As John left the premises, he thought to himself that he should maybe go for men next time. He thought of Sherlock, but ruthlessly crushed those treacherous, titillating thoughts.  
-  
‘At least, they didn’t see it,’ John stood bitterly in the cold night, warmed only by his pants and the heavy bomb jacket.  
He droned, “Stop his heart,” to a shocked Sherlock, but finally before he was forced to say more, Moriarty appeared – first a dark shadow on the edge of the pool, then a pale man.  
Sherlock and Moriarty bantered for a bit. While they showed off their masculine egos, John furtively pleasured himself to completion, shooting and killing all of the snipers in the area.  

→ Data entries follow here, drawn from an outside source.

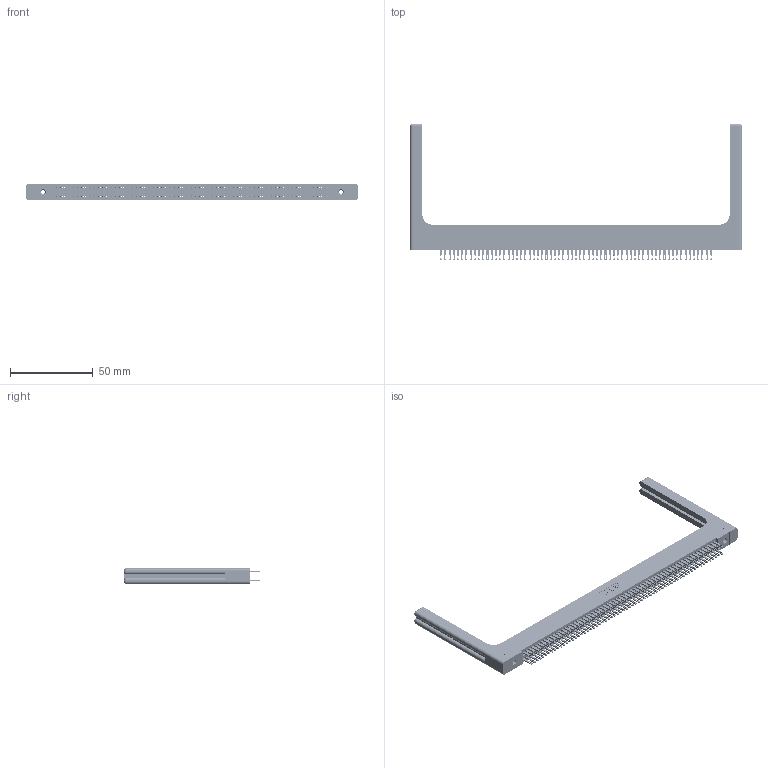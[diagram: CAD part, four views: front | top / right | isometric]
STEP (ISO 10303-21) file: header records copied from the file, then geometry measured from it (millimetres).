
FILE_DESCRIPTION (( 'STEP AP203' ), '1' );
FILE_NAME ('345-130-500-258.STEP', '2019-11-07T11:29:39', ( '' ), ( '' ), 'SwSTEP 2.0', 'SolidWorks 2016', '' );
FILE_SCHEMA (( 'CONFIG_CONTROL_DESIGN' ));
Length unit declared in the file: inch
Products named in the file (5): 345 Part_Flush Mounting Lugs - 0.156 Dia-TH; 345-130-500-258; 345-250-001_345-250-001-102; 345-292-001_345-293-100; 345-220-058_345-220-058
Assembly tree (135 placements, depth 2):
  345-130-500-258
    345 Part_Flush Mounting Lugs - 0.156 Dia-TH
    345-292-001_345-293-100  x130
    345-250-001_345-250-001-102  x2
    345-220-058_345-220-058  x2
Bounding box: 200.13 x 82.47 x 9.4 mm (x, y, z)
Volume: 28526.4 mm3; surface area: 36469.4 mm2
Topology: 135 solids, 135 shells, 6362 faces, 19337 edges, 12870 vertices
Faces by surface type: plane 3738, cylinder 2564, bspline 36, cone 12, sphere 8, torus 4
Entity records: 53016 total; most frequent: CARTESIAN_POINT 9857, ORIENTED_EDGE 8588, DIRECTION 7598, EDGE_CURVE 4294, VECTOR 3806, LINE 3806, VERTEX_POINT 2854, AXIS2_PLACEMENT_3D 1896
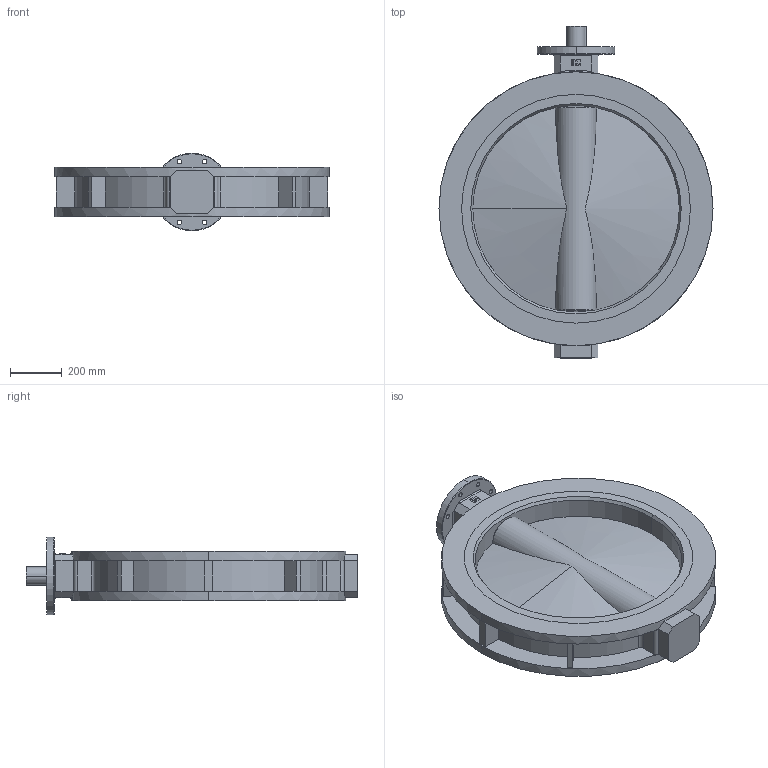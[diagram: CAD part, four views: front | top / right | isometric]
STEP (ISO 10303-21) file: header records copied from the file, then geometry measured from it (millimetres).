
FILE_DESCRIPTION (( 'STEP AP214' ), '1' );
FILE_NAME ('D40800.step', '2013-07-30T15:17:28', ( 'mbuehlmann' ), ( '' ), 'SwSTEP 2.0', 'SolidWorks 2012', '' );
FILE_SCHEMA (( 'AUTOMOTIVE_DESIGN' ));
Length unit declared in the file: millimetre
Products named in the file (6): ia-Logo26; ia-Keil_ia-Keil800; ia-scheibe250_ia-scheibe800; ia-Dichtungbasic_Dichtung800; BO.D40800.__; D40800
Assembly tree (5 placements, depth 2):
  D40800
    BO.D40800.__
    ia-Dichtungbasic_Dichtung800
    ia-scheibe250_ia-scheibe800
    ia-Keil_ia-Keil800
    ia-Logo26
Bounding box: 1060 x 1284 x 300 mm (x, y, z)
Volume: 86864862.1 mm3; surface area: 4931286.3 mm2
Topology: 5 solids, 5 shells, 166 faces, 440 edges, 286 vertices
Faces by surface type: plane 82, cylinder 52, cone 16, torus 14, sphere 2
Entity records: 5863 total; most frequent: CARTESIAN_POINT 1440, DIRECTION 889, ORIENTED_EDGE 874, EDGE_CURVE 437, AXIS2_PLACEMENT_3D 322, VERTEX_POINT 285, LINE 245, VECTOR 245
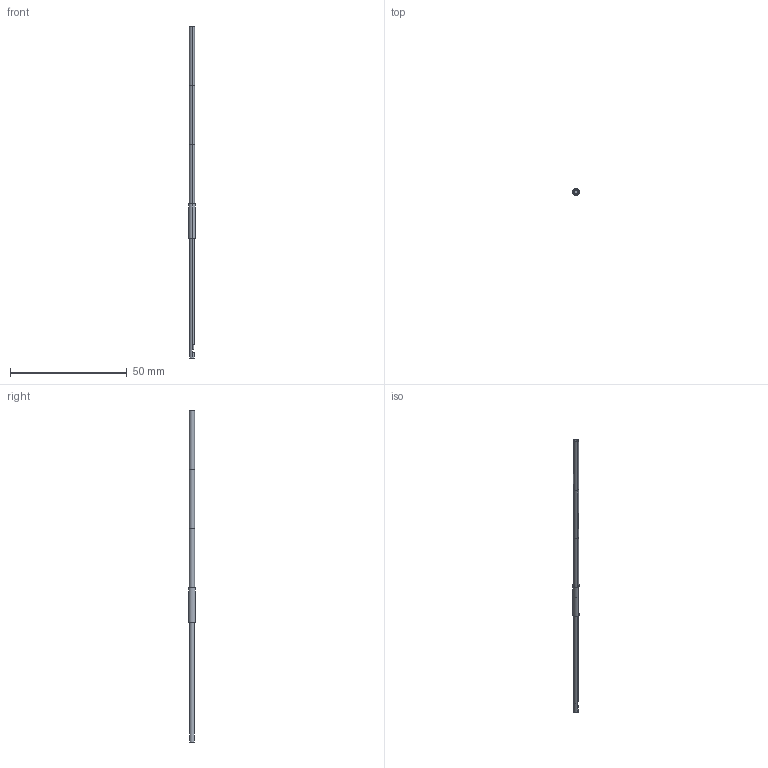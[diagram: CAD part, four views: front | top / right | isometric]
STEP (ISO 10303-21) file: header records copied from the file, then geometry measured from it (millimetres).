
FILE_DESCRIPTION((''),'2;1');
FILE_NAME('188729_ASM','2016-01-12T',('pdmadmin'),(''),'PRO/ENGINEER BY PARAMETRIC TECHNOLOGY CORPORATION, 2013230','PRO/ENGINEER BY PARAMETRIC TECHNOLOGY CORPORATION, 2013230','');
FILE_SCHEMA(('CONFIG_CONTROL_DESIGN'));
Length unit declared in the file: inch
Products named in the file (6): 39188; 39435; 39681; FIBER_CORE_1-5_45_DEG; 48016_ASM; 188729_ASM
Assembly tree (7 placements, depth 3):
  188729_ASM
    48016_ASM
      39188
      39435
      39681  x3
      FIBER_CORE_1-5_45_DEG
Bounding box: 3 x 3 x 142.19 mm (x, y, z)
Volume: 326.5 mm3; surface area: 1880.4 mm2
Topology: 6 solids, 6 shells, 48 faces, 98 edges, 60 vertices
Faces by surface type: cylinder 28, plane 16, cone 4
Entity records: 1179 total; most frequent: DIRECTION 220, CARTESIAN_POINT 195, ORIENTED_EDGE 148, AXIS2_PLACEMENT_3D 93, EDGE_CURVE 74, VERTEX_POINT 44, EDGE_LOOP 42, CIRCLE 38
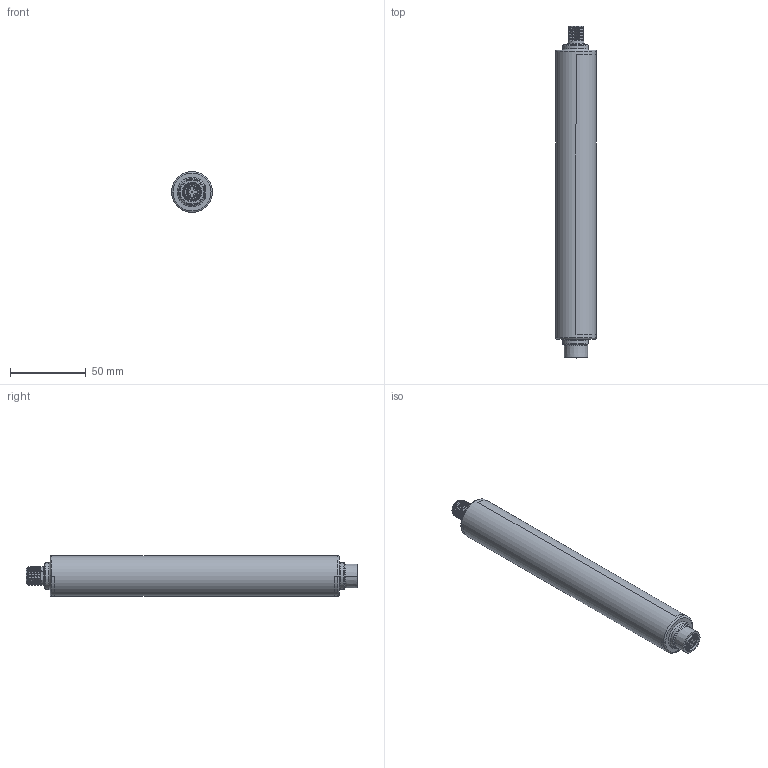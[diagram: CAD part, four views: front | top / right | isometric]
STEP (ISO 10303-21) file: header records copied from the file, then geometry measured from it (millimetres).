
FILE_DESCRIPTION((''),'2;1');
FILE_NAME('185254_SM01_ASM','2022-12-13T15:56:51',('PDMAdmin'),('BANNER ENGINEERING'),'CREO PARAMETRIC BY PTC INC, 2019292','CREO PARAMETRIC BY PTC INC, 2019292','');
FILE_SCHEMA(('CONFIG_CONTROL_DESIGN'));
Length unit declared in the file: millimetre
Products named in the file (2): 185254_EP01; 185254_SM01_ASM
Assembly tree (1 placements, depth 2):
  185254_SM01_ASM
    185254_EP01
Bounding box: 27 x 219.5 x 27 mm (x, y, z)
Volume: 112695.7 mm3; surface area: 21305.1 mm2
Topology: 1 solids, 1 shells, 564 faces, 1470 edges, 937 vertices
Faces by surface type: plane 211, cylinder 208, bspline 108, torus 29, cone 8
Entity records: 30423 total; most frequent: CARTESIAN_POINT 16964, ORIENTED_EDGE 2940, DIRECTION 2587, EDGE_CURVE 1470, VERTEX_POINT 937, AXIS2_PLACEMENT_3D 926, VECTOR 735, LINE 735
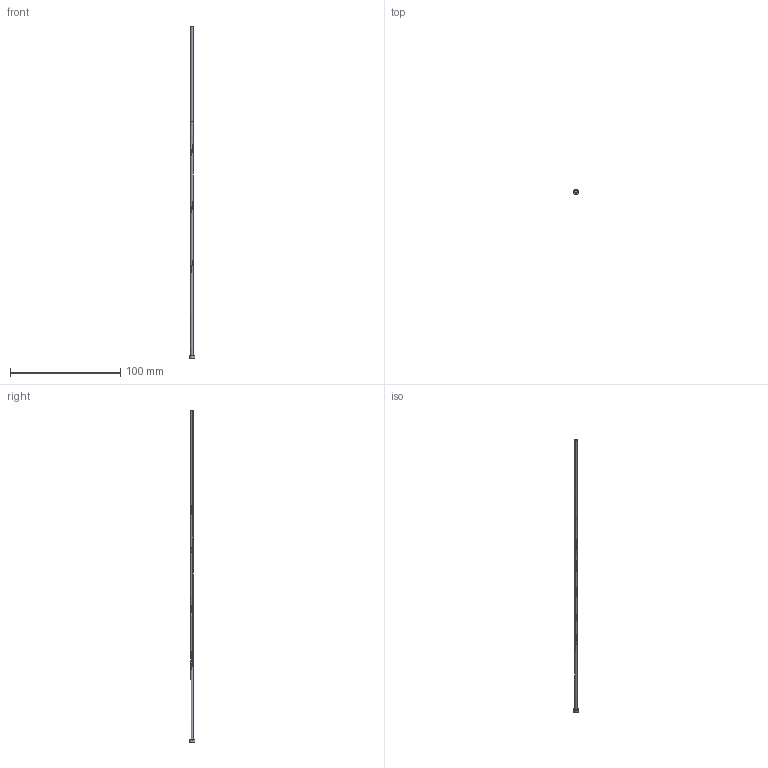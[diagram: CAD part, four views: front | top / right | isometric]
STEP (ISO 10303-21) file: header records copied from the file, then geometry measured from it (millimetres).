
FILE_DESCRIPTION (( 'STEP AP203' ), '1' );
FILE_NAME ('4959.STEP', '2025-03-19T23:01:00', ( '' ), ( '' ), 'SwSTEP 2.0', 'SolidWorks 2019', '' );
FILE_SCHEMA (( 'CONFIG_CONTROL_DESIGN' ));
Length unit declared in the file: millimetre
Products named in the file (1): 4959
Bounding box: 5 x 5 x 301 mm (x, y, z)
Volume: 1834.9 mm3; surface area: 3283.9 mm2
Topology: 1 solids, 1 shells, 16 faces, 38 edges, 26 vertices
Faces by surface type: cylinder 9, plane 6, bspline 1
Entity records: 1793 total; most frequent: CARTESIAN_POINT 1336, DIRECTION 83, ORIENTED_EDGE 80, EDGE_CURVE 40, AXIS2_PLACEMENT_3D 36, VERTEX_POINT 28, CIRCLE 20, EDGE_LOOP 18

He then ran forward and penetrated Moriarty in his left thigh. He drew his member back out and aimed it threateningly at any remaining snipers.  
A corny tune began playing. Moriarty took out his phone and upon hearing the message, limped away. For plot reasons, nothing happened.  
This time Watson was virtually helpless and Sherlock had seen his fantastic, elastic dick. He was screwed in terms of his life and his sex life – which in fanfiction like this was basically the same.  
Instead Sherlock strode to him and simply undressed Watson of the bomb jacket like a lover slowly divesting of his romantic partner’s clothing. Sherlock’s eyes were a bit empty as he did the action, but John was simply glad that he was removing the bomb jacket.  
He did not speak of John’s magical wand and it slithered back into John’s pants. The two, exhausted from their wild night, retreated back home.  
-  
“I keep on thinking that you have a ridiculously long phallus, but that’s just simply impossible,” Sherlock stared into John’s eyes, “Why are you so difficult for me to solve?”  
It took him this long to figure it out?  
“I keep on seeing flashbacks! You shot the cabbie with a gun, got rid of the triads with fancy footwork… what’s the truth?”  
John felt divided, but he had to do this. This was someone he loved, who needed to know the truth.  
“Your memories are right. I have-“  
-  
John ran, not for his life, but for Sherlock’s. His galloping abs beat his chest as he ran towards the building that held Sherlock’s fate.  
-  
“Sherlock, grab my dick!” John’s words were frantic, rushed, as he dangled his ridiculous fifty-meter member over the building.  
“Huh”?” Sherlock grabbed the ridiculously phallus tightly. It was somewhat rough under his smooth hands, but he clutched onto it as John slowly pulled him up over the rafters and to the roof of the building.  
“Thank you, John. You’ve saved me with that so many times,” He said, “Let’s go back home.”  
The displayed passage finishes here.